Pretty much what I wanted to do when I came and saw the pitiful Xoom on launch day
 
I'm very impressed. I love android but not a fan of any android tablets unfortunately. Love my ipad 2 more than anything :D
 
1. Go to Best Buy
2. Pick up a Honeycomb tablet
3. Use it
4. Cry

Pretty much what I wanted to do when I came and saw the pitiful Xoom on launch day
In my opinion judging Honeycomb or in general an Android Tablet, based on one's experience with XOOM on the day of launch, is unreasonable. Just about everyone knows that Moto rushed it to the market too quickly and launched an unfinished product.

A much better comparison would be the Samsung Tablets or better yet the Toshiba Thrive.

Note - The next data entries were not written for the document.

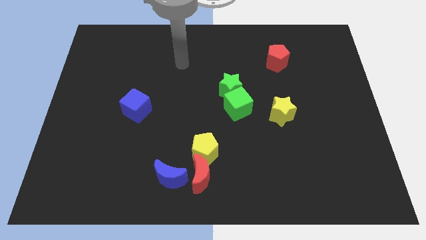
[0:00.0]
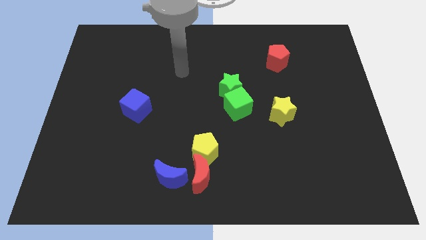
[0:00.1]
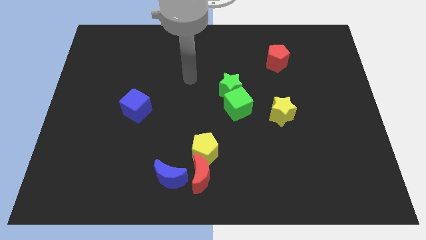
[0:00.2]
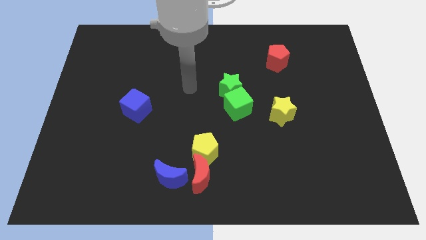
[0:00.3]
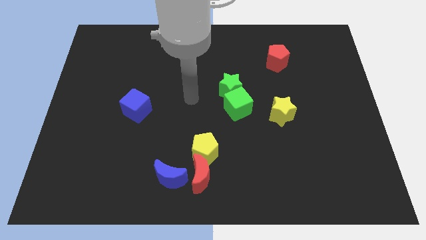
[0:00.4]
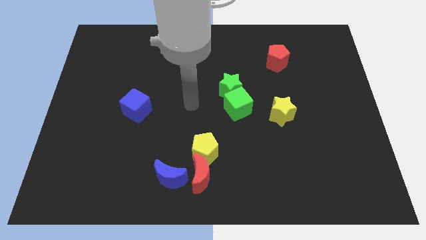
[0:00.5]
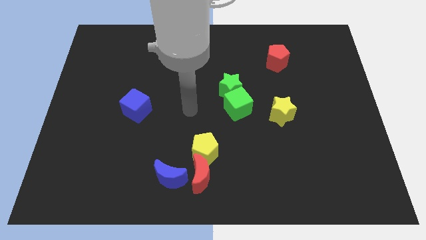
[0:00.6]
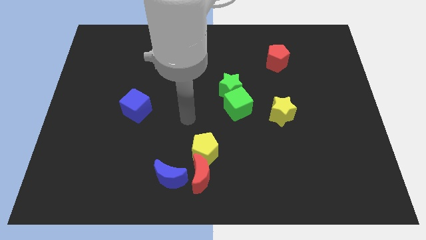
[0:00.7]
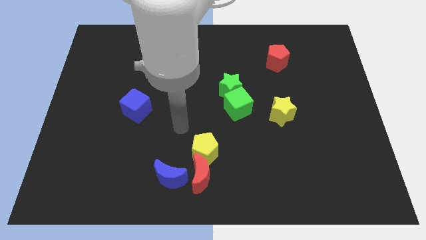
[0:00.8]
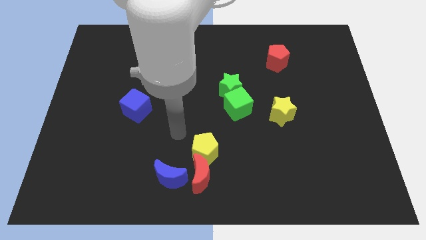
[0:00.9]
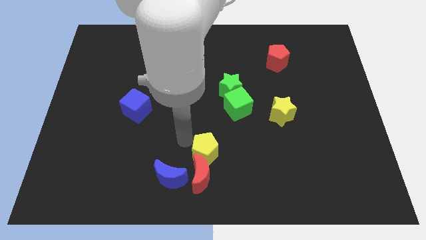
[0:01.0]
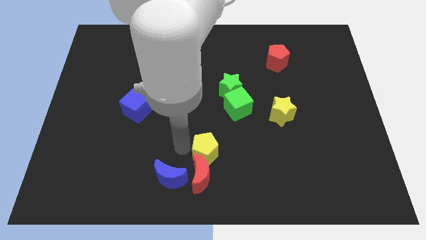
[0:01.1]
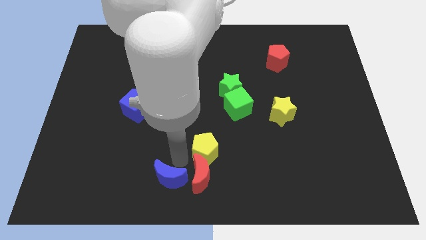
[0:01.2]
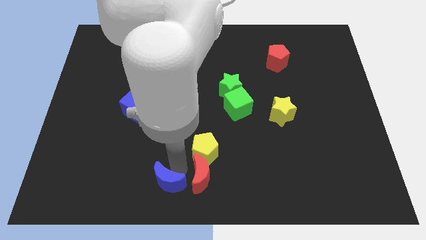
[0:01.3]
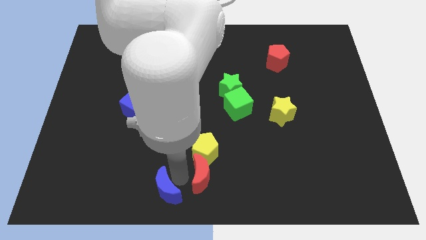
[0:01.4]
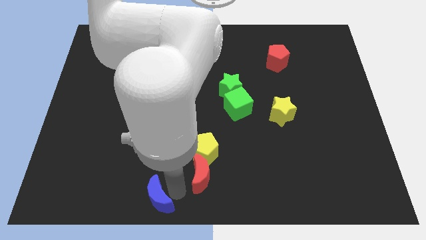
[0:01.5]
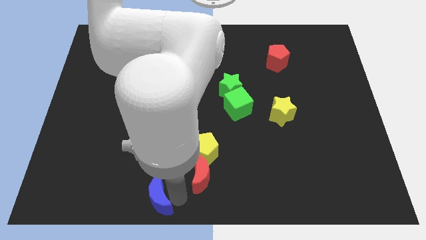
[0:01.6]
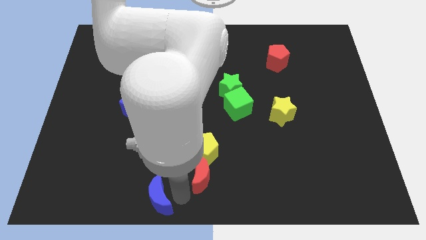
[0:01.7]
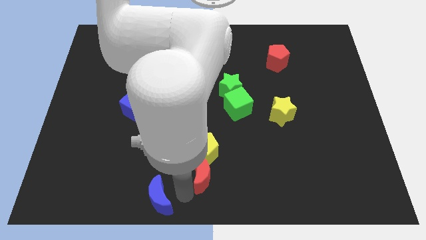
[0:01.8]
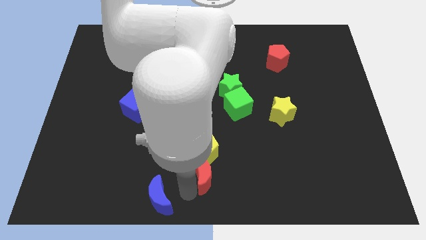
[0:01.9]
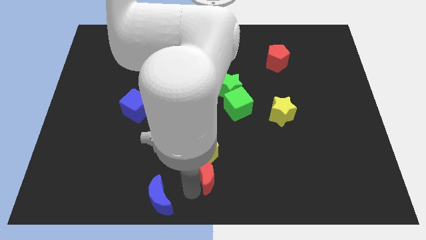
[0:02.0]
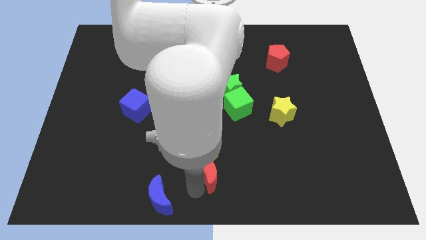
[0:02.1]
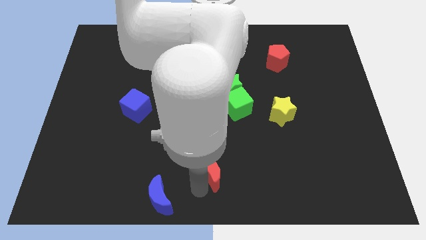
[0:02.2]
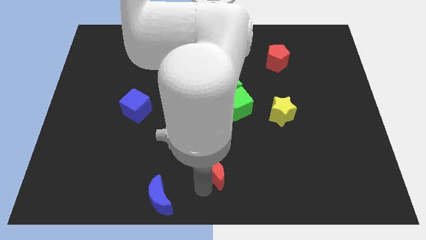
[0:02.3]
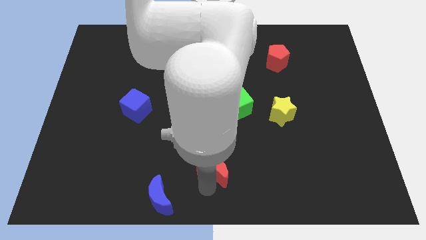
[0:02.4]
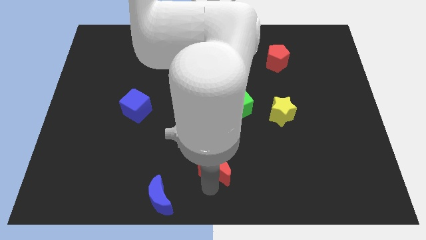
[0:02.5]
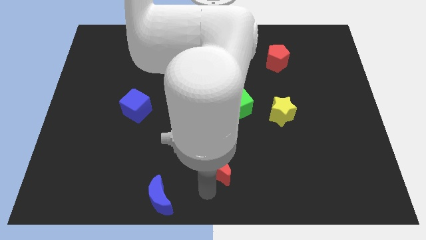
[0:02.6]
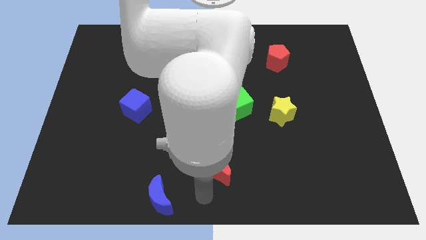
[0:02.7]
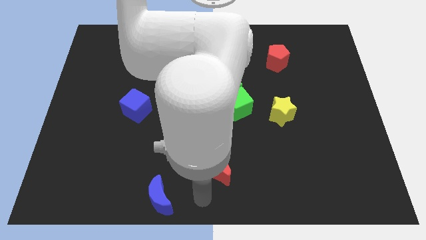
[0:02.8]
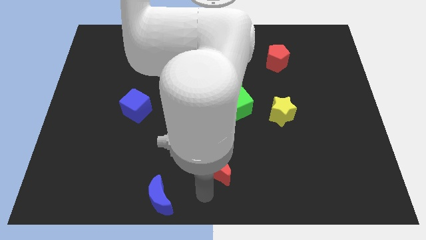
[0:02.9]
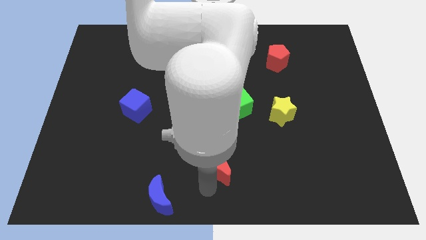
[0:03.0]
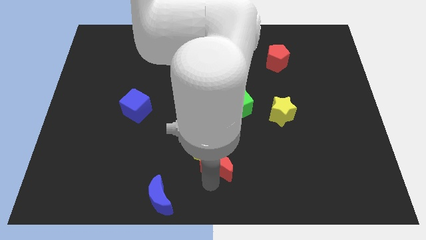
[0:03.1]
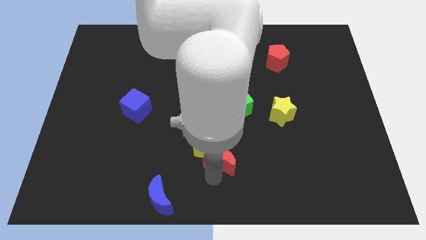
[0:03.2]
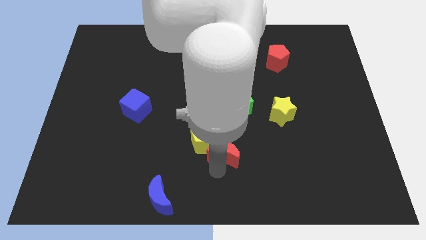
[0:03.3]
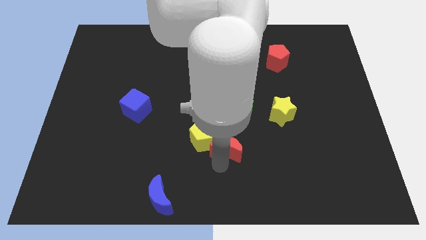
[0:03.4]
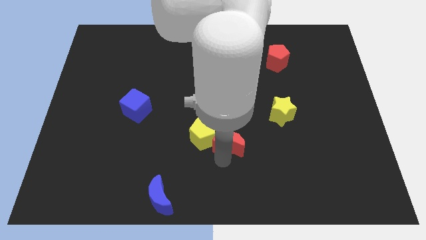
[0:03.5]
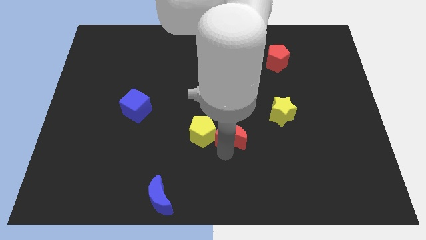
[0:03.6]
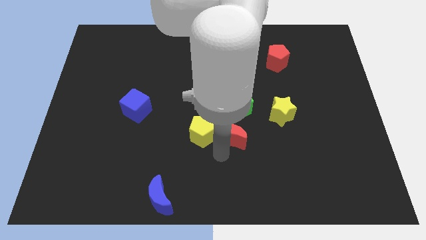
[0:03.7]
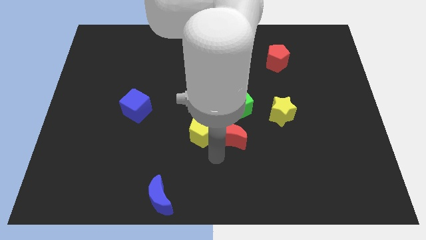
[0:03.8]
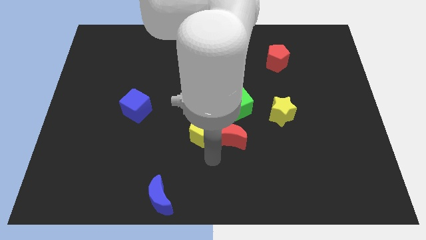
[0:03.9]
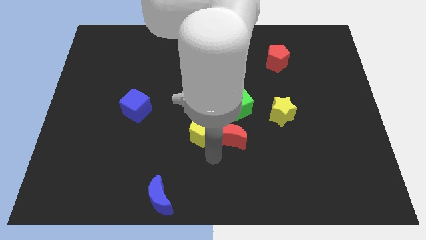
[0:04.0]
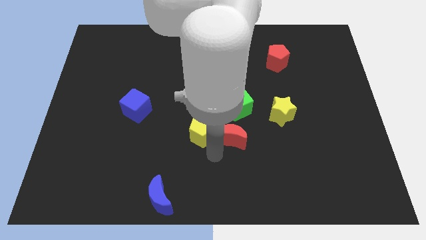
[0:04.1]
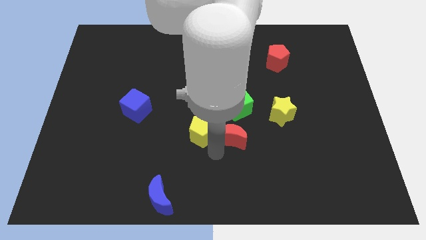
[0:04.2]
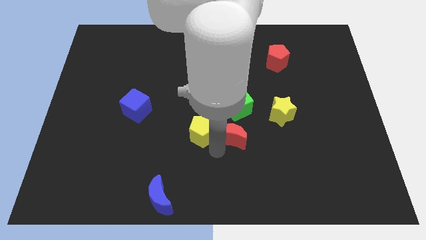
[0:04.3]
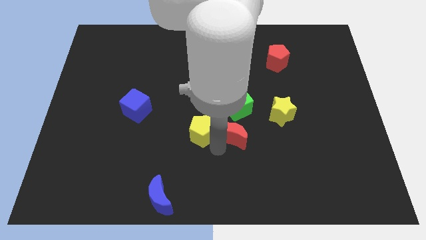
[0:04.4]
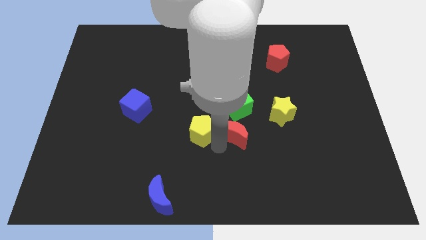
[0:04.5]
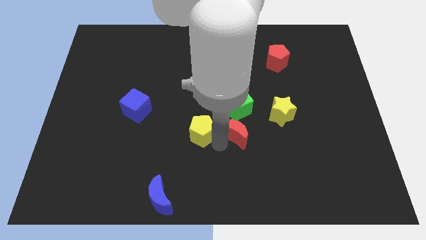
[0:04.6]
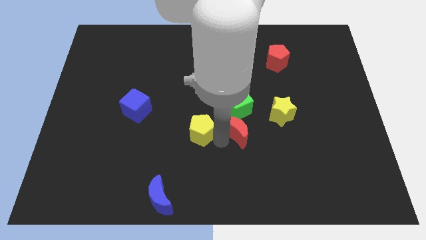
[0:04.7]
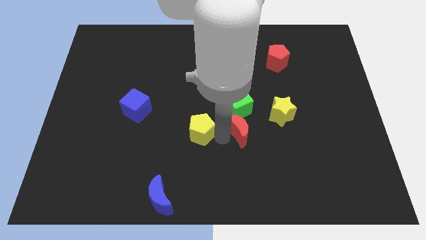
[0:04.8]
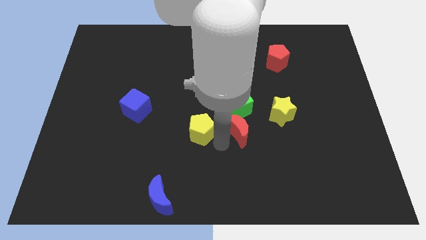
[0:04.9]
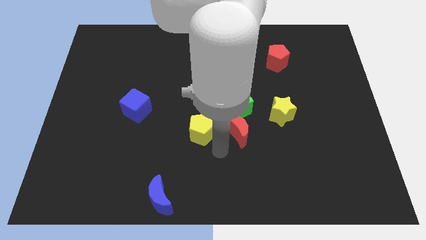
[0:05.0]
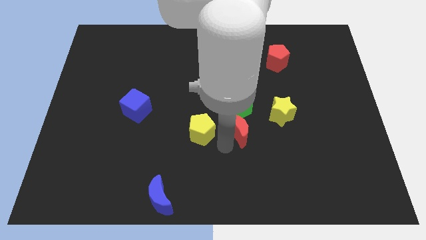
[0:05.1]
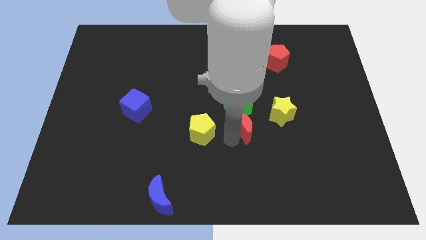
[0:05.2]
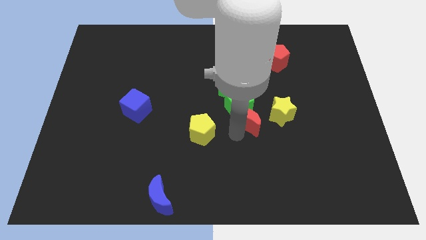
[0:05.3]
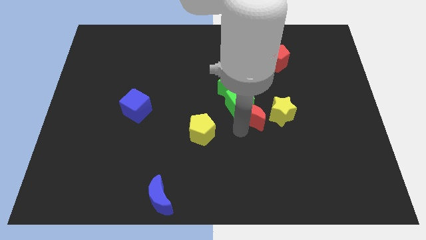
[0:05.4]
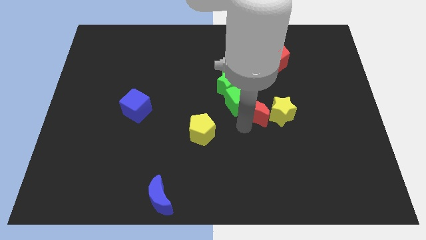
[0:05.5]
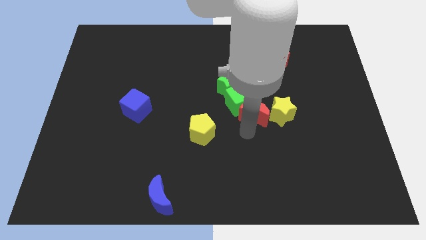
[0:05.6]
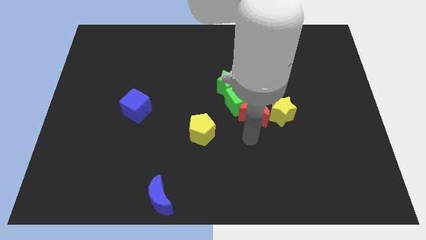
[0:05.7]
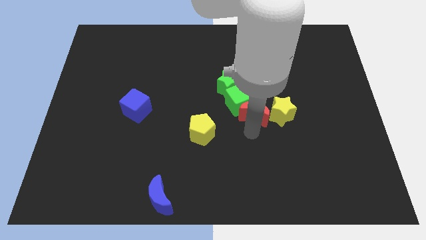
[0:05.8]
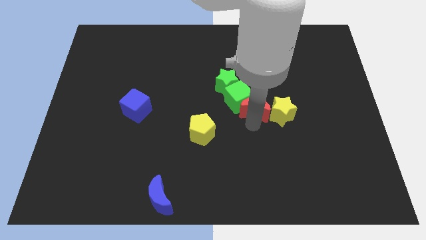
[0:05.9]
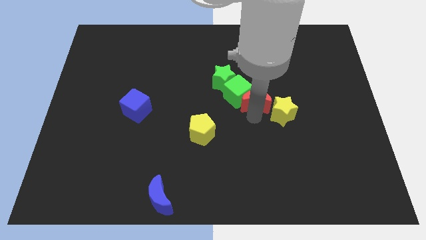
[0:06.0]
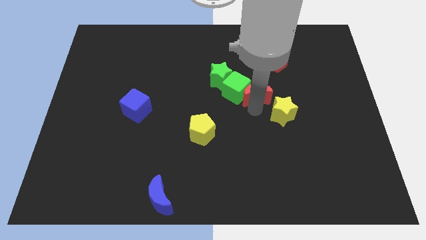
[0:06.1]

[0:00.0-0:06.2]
push the red moon to the top right of the green cube

Having said that, I love my iPad2 as well as my Motorola Atrix.
 
I used a few HoneyComb tablets at BestBuy yesterday and was anything but impressed. The interface isn't intuitive and it looked pretty bad. I much preferred the TouchPad.
 
In my opinion judging Honeycomb or in general an Android Tablet, based on one's experience with XOOM on the day of launch, is unreasonable. Just about everyone knows that Moto rushed it to the market too quickly and launched an unfinished product.

A much better comparison would be the Samsung Tablets or better yet the Toshiba Thrive.

Having said that, I love my iPad2 as well as my Motorola Atrix.

Tried those too. I've also owned 3 Android phones. I'm not trolling here, I'm just judging an operating system (and the products it comes on) the way they are. Honeycomb was a mess, and it is still a mess. I wish it wasn't but it is.